[Dataset records]
⟨

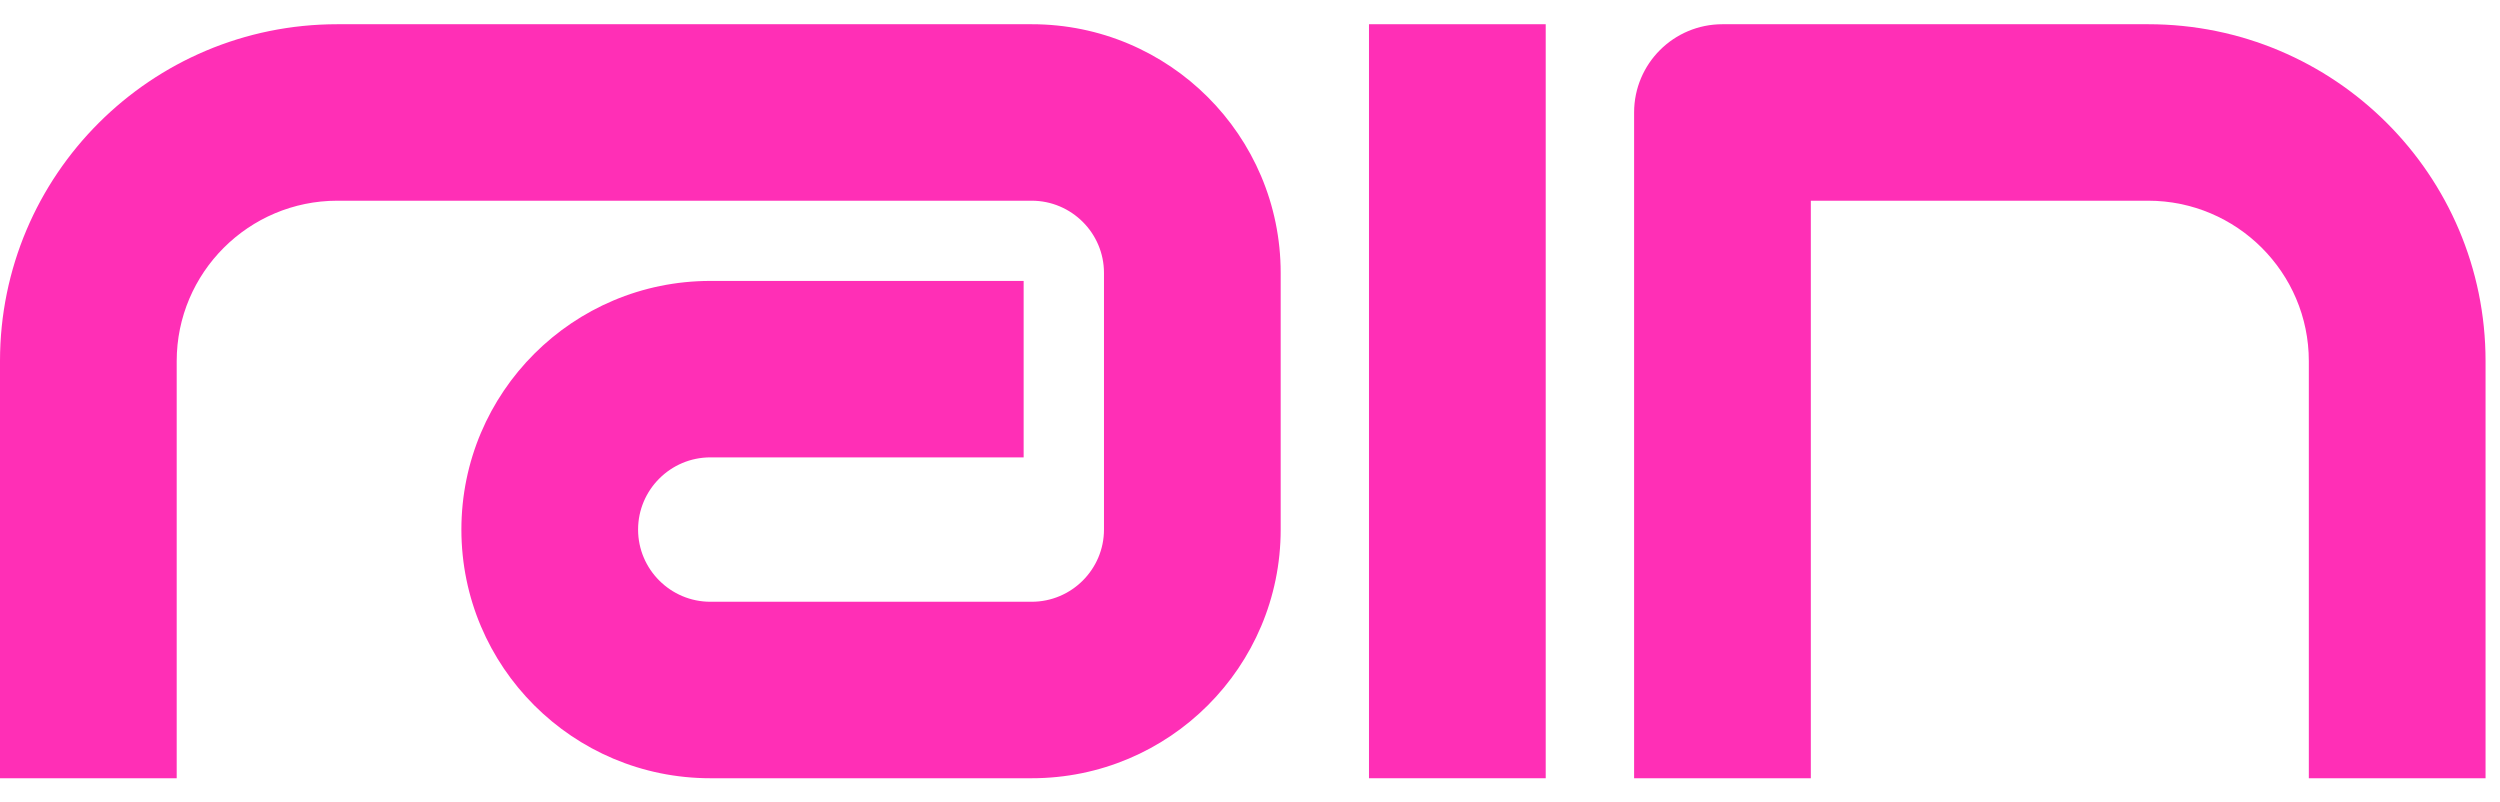 <svg width="81" height="26" viewBox="0 0 81 26" fill="none" xmlns="http://www.w3.org/2000/svg">
<path d="M74.806 11.7C74.806 8.834 72.472 6.503 69.601 6.503H58.671V25.215H52.945V3.644C52.945 2.064 54.226 0.785 55.808 0.785H69.601C75.639 0.785 80.532 5.671 80.532 11.7V25.215H74.806V11.7Z" fill="#FF2FB6"/>
<path d="M50.081 0.785H44.355V25.215H50.081V0.785Z" fill="#FF2FB6"/>
<path d="M33.426 25.215C37.882 25.215 41.494 21.607 41.494 17.158V8.842C41.494 4.392 37.882 0.785 33.426 0.785H10.93C4.893 0.785 0 5.671 0 11.7V25.215H5.725V11.7C5.725 8.834 8.06 6.503 10.93 6.503H33.426C34.717 6.503 35.769 7.553 35.769 8.842V17.158C35.769 18.447 34.717 19.497 33.426 19.497H23.016C21.726 19.497 20.674 18.447 20.674 17.158C20.674 15.869 21.726 14.819 23.016 14.819H33.166V9.102H23.016C18.561 9.102 14.949 12.709 14.949 17.158C14.949 21.607 18.561 25.215 23.016 25.215H33.426Z" fill="#FF2FB6"/>
</svg>

⟩

Work task: Produce an exact reprint of the entries, dropping the images.

Task output:
 <svg width="81" height="26" viewBox="0 0 81 26" fill="none" xmlns="http://www.w3.org/2000/svg">
<path d="M74.806 11.7C74.806 8.834 72.472 6.503 69.601 6.503H58.671V25.215H52.945V3.644C52.945 2.064 54.226 0.785 55.808 0.785H69.601C75.639 0.785 80.532 5.671 80.532 11.7V25.215H74.806V11.7Z" fill="#FF2FB6"/>
<path d="M50.081 0.785H44.355V25.215H50.081V0.785Z" fill="#FF2FB6"/>
<path d="M33.426 25.215C37.882 25.215 41.494 21.607 41.494 17.158V8.842C41.494 4.392 37.882 0.785 33.426 0.785H10.93C4.893 0.785 0 5.671 0 11.7V25.215H5.725V11.7C5.725 8.834 8.06 6.503 10.93 6.503H33.426C34.717 6.503 35.769 7.553 35.769 8.842V17.158C35.769 18.447 34.717 19.497 33.426 19.497H23.016C21.726 19.497 20.674 18.447 20.674 17.158C20.674 15.869 21.726 14.819 23.016 14.819H33.166V9.102H23.016C18.561 9.102 14.949 12.709 14.949 17.158C14.949 21.607 18.561 25.215 23.016 25.215H33.426Z" fill="#FF2FB6"/>
</svg>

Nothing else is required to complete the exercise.